Senator Orrin Hatch (R-Utah), opponent of federal subsidies for abortion coverage. Photo: AP/Stan Honda

 

The Sept 28 NYTimes.com describes amendments to health-care reform bills under consideration in both the House and Senate that pro-choice advocates fear could result in the elimination of insurance coverage for abortions throughout the country.

Currently, all the versions of health-care reform bills in both houses of Congress already deny the use of federal subsidies to directly pay for abortion procedures, but a coalition of pro-life Democrats and Republicans don’t think this ban goes far enough: Lower- and middle-income Americans who would qualify for federal health insurance subsidies could still use those subsidies to help them afford insurance plans that cover abortions, even though they would have to pay the premiums for those services out-of-pocket.

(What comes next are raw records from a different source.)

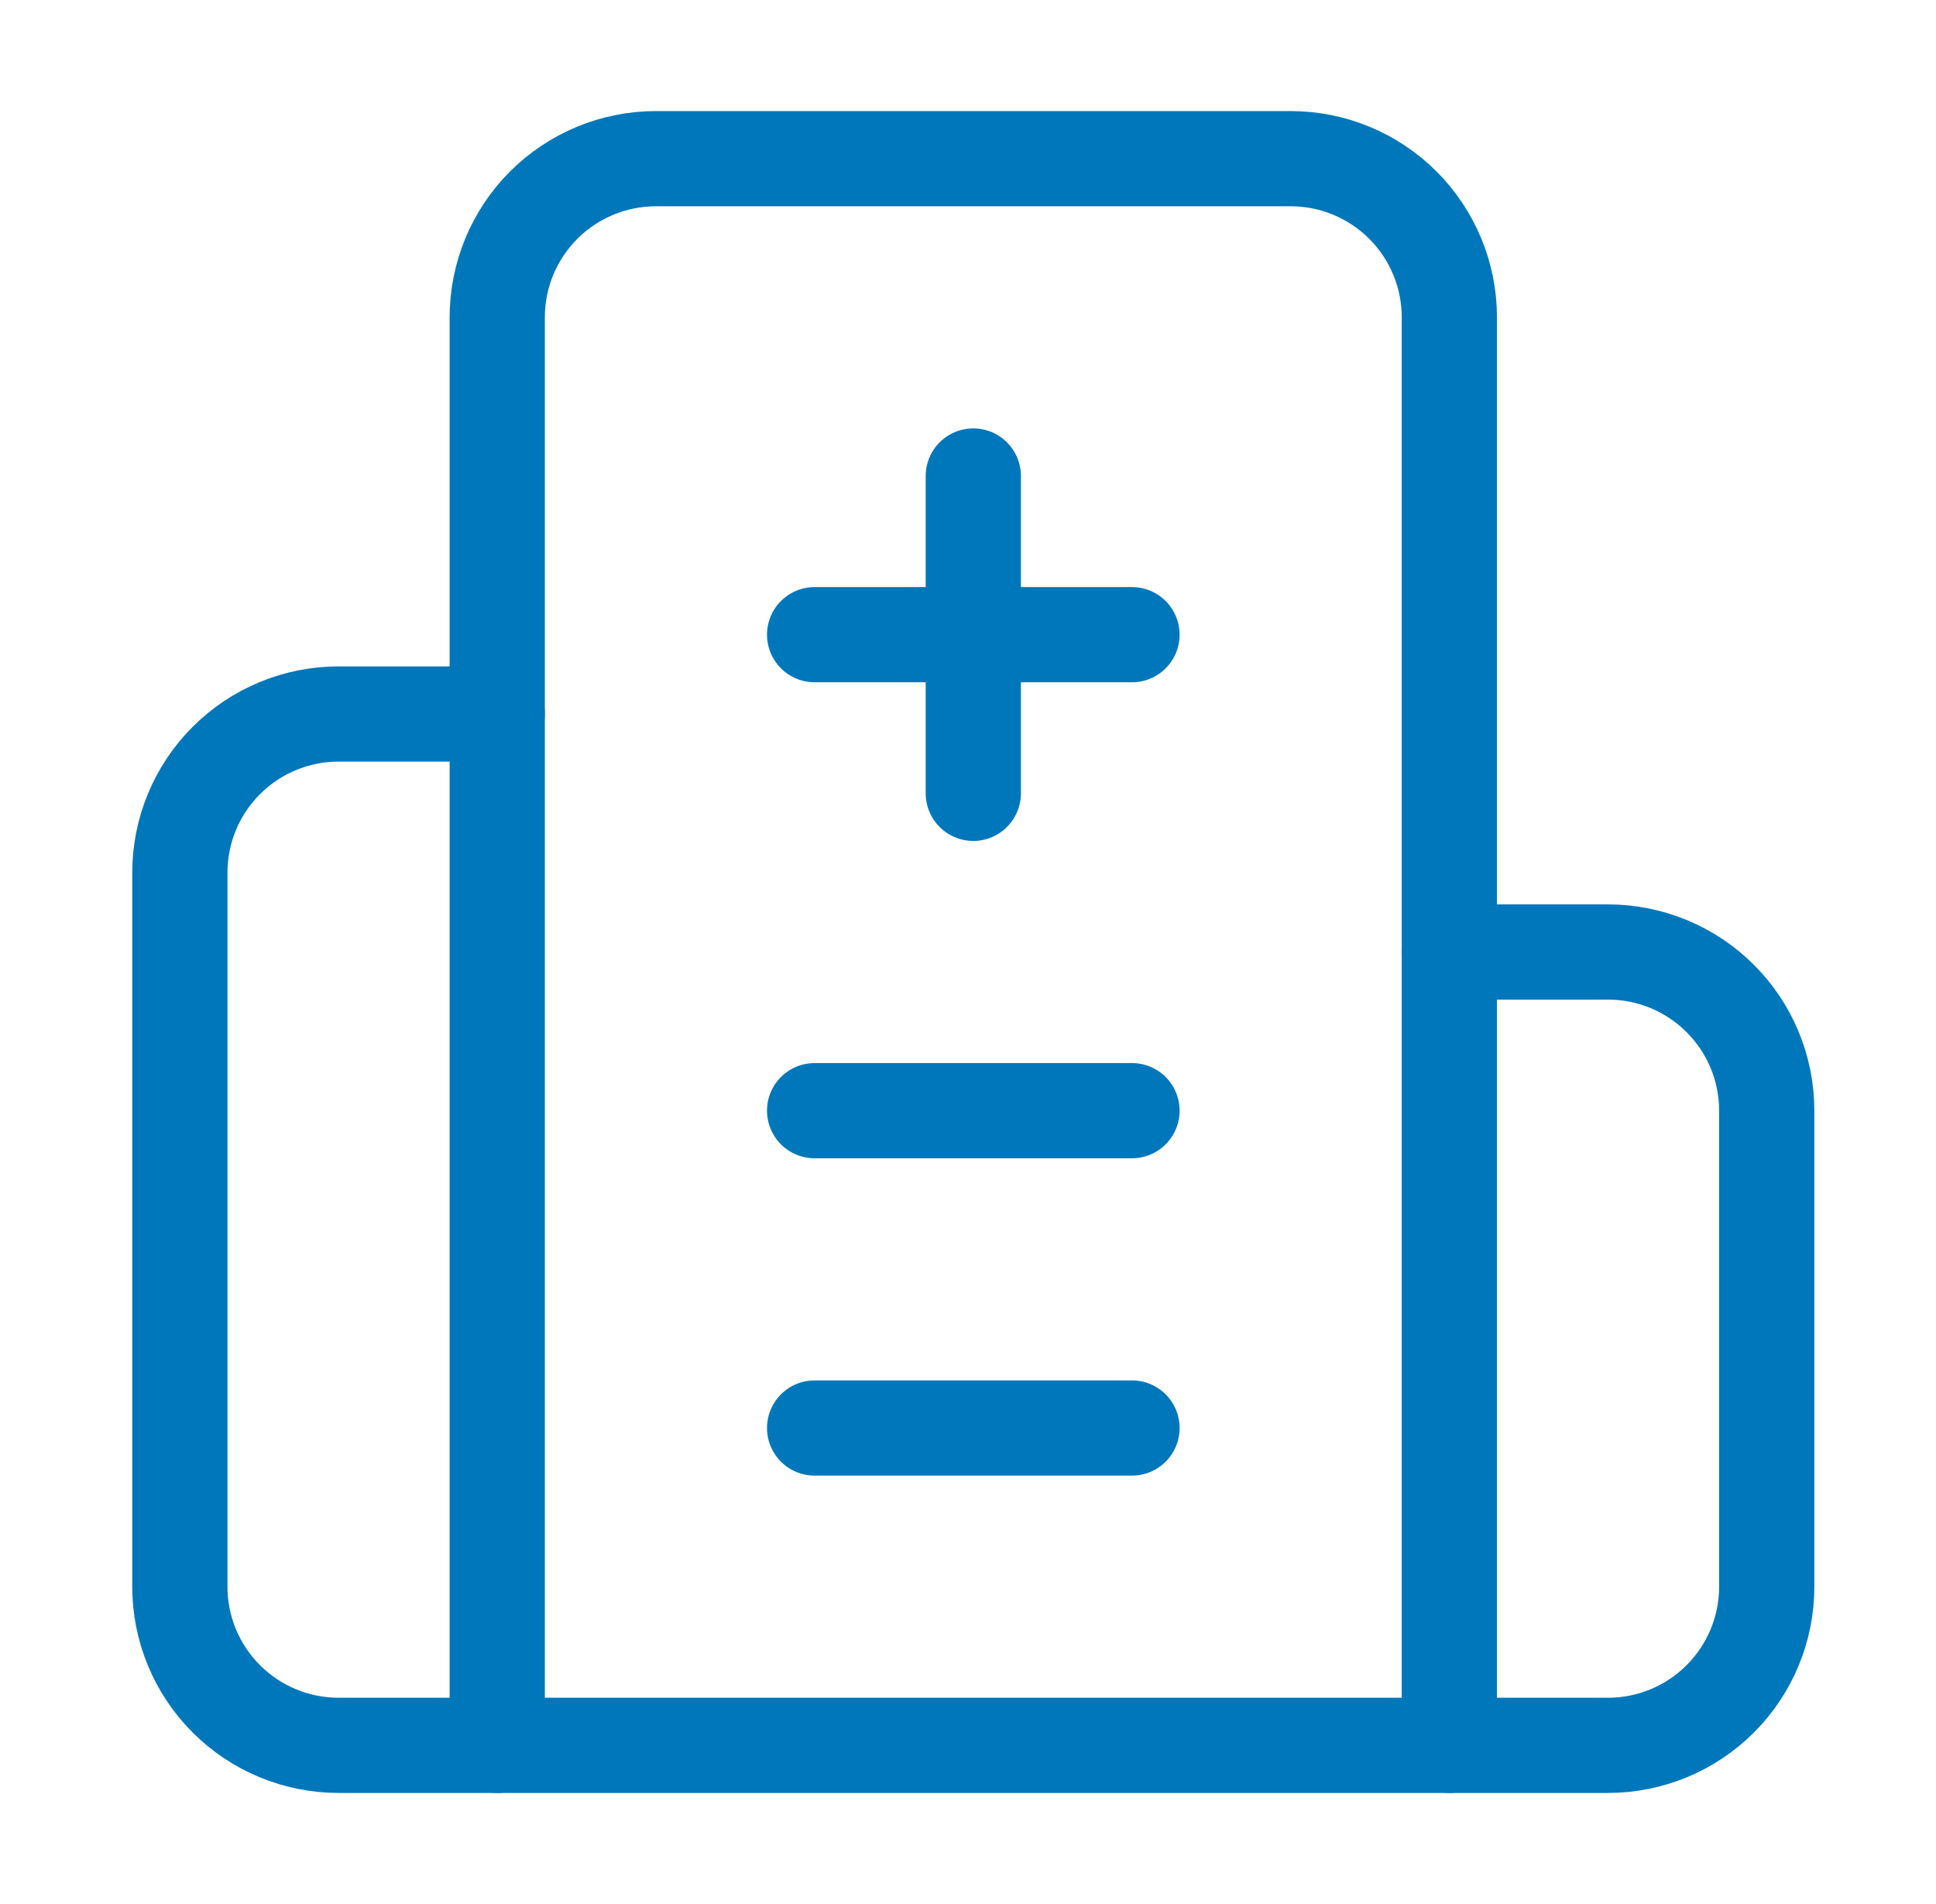 <svg width="61" height="60" viewBox="0 0 61 60" fill="none" xmlns="http://www.w3.org/2000/svg">
<path d="M30.667 15V25" stroke="#0077BB" stroke-width="3" stroke-linecap="round" stroke-linejoin="round"/>
<path d="M35.667 35H25.667" stroke="#0077BB" stroke-width="3" stroke-linecap="round" stroke-linejoin="round"/>
<path d="M35.667 45H25.667" stroke="#0077BB" stroke-width="3" stroke-linecap="round" stroke-linejoin="round"/>
<path d="M35.667 20H25.667" stroke="#0077BB" stroke-width="3" stroke-linecap="round" stroke-linejoin="round"/>
<path d="M45.667 30H50.667C51.993 30 53.264 30.527 54.202 31.465C55.14 32.402 55.667 33.674 55.667 35V50C55.667 51.326 55.14 52.598 54.202 53.535C53.264 54.473 51.993 55 50.667 55H10.667C9.341 55 8.069 54.473 7.131 53.535C6.193 52.598 5.667 51.326 5.667 50V27.5C5.667 26.174 6.193 24.902 7.131 23.965C8.069 23.027 9.341 22.5 10.667 22.5H15.667" stroke="#0077BB" stroke-width="3" stroke-linecap="round" stroke-linejoin="round"/>
<path d="M45.667 55V10C45.667 8.674 45.14 7.402 44.202 6.464C43.264 5.527 41.993 5 40.667 5H20.667C19.34 5 18.069 5.527 17.131 6.464C16.193 7.402 15.667 8.674 15.667 10V55" stroke="#0077BB" stroke-width="3" stroke-linecap="round" stroke-linejoin="round"/>
</svg>

Led by Orrin Hatch (R-Utah) in the Senate and Bart Stupak (D-Mich.) in the House, the pro-life Congressional group supports amendments that would bar federal subsidies from being used to help purchase any insurance policy that covers abortions, including those with provisions for separate, privately-paid premiums.

Pro-choice organizations like Planned Parenthood and NARAL Pro-Choice America argue that if the federal government blocks the use of subsidies for any insurance plans that include abortion coverage, private insurance companies will simply drop such coverage from all of their policies, so as not to have any of their plans excluded from federal subsidies. This could have the drastic effect of denying access to legal abortions for all but the wealthiest Americans, forcing less affluent women to seek cheaper, but unsafe, illegal “back-alley” procedures.

Based on the number of backers of these amendments on both sides of the aisle in both the House and the Senate, the Times reports that the outcome of this issue is “too close to call.”

It may then fall to President Obama to decide whether his much-coveted bill to reform health care is worth the price of a back-door reversal of Roe v. Wade for poorer American women.